Originally published on Advisor Perspectives, March 13, 2017
Prospects are searching for simple solutions.
Investing is complicated and multi-faceted. I’m impressed with advisors’ depth of knowledge gleaned from their own studies, experience, academic literature and attendance at numerous conferences.
When meeting with prospects, advisors want to demonstrate their expertise. You also may feel a need to justify your fee by showing the value you add by helping your clients reach their retirement goals.
Unfortunately, the way advisors convey information ignores basic principles of neuroscience. It is the equivalent of pouring water into a glass that is already full.
In his excellent book, The Science of Selling, David Hoffeld correctly noted, “Our minds can perform incredible feats, but they also have limited cognitive resources.” The brain can only process a modest amount of information at any one time.
In 1955, famed psychologist George A. Miller published The Magical Number Seven, Plus or Minus Two: Some Limits on Our Capacity for Processing Information. He concluded there are “severe limitations on the amount of information that we are able to receive, process, and remember.”

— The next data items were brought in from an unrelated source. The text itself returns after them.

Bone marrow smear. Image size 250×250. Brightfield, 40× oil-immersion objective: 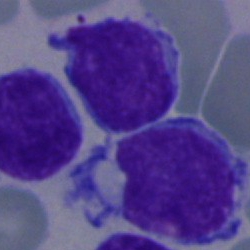Showing a typical lymphocyte.
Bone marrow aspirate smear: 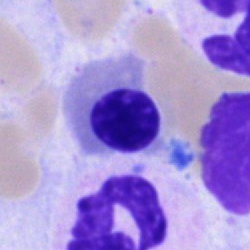
Cell — erythroblast.
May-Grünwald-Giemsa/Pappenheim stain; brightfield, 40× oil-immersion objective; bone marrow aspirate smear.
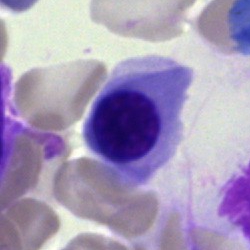 Single cell identified as a normoblast.
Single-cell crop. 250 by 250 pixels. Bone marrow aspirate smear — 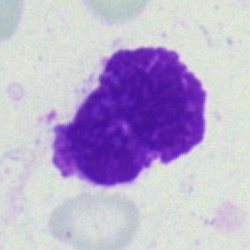{"cell_type": "artefact"}
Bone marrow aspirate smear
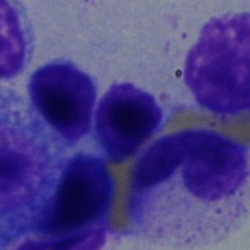 Morphological class — lymphocyte.

When the brain is confronted with too much information by being presented with numerous options, the ability to make a decision is seriously inhibited. One study found that people were more likely to purchase gourmet jams or chocolates or undertake optional class-essay assignments, when they were offered only six options rather than 24 to 30 choices.
Participants in these experiments who were given limited choices were also more satisfied with their selections.
Another study referenced by Hoffeld, examined how employees in 401(k) plans were affected by the number of investment options offered in the plans. The authors reviewed data from 800,000 employees. They found participation rates fell when more investment options were offered. Plans offering “a handful” of funds had higher participation rates than those with 10 or more options.
This study is consistent with other research finding that, when making complex and important decisions, too much choice (and being overwhelmed with information) often causes indecision and procrastination. One researcher stated, “When we make decisions, we compare bundles of information. So a decision is harder if the amount of information you have to juggle is greater.”
I have attended (and given) hundreds of presentations. All of them, including some of my own, suffer from the same infirmity: we provide too much information. Our effort to impress our audience with our expertise can backfire. When we make things complex and provide massive amounts of data, their brains shuts down.
Prospects are searching for simple solutions.
But we convey the impression that selecting the right advisor is intricate and complex.
What’s likely to happen? They will procrastinate or go with an advisor who made it easier for them to decide.
To maximize the likelihood of converting a prospect into a client, avoid the temptation to convey information and focus on eliciting it. Your goal is not to educate. It’s to find out what is on the mind of your prospect and address those concerns. When doing so, don’t lecture and pontificate. Make your answers brief and to the point.
If your prospects want more information, they will ask for it. Otherwise, focus on keeping it simple. Above all, remember, “less is more.”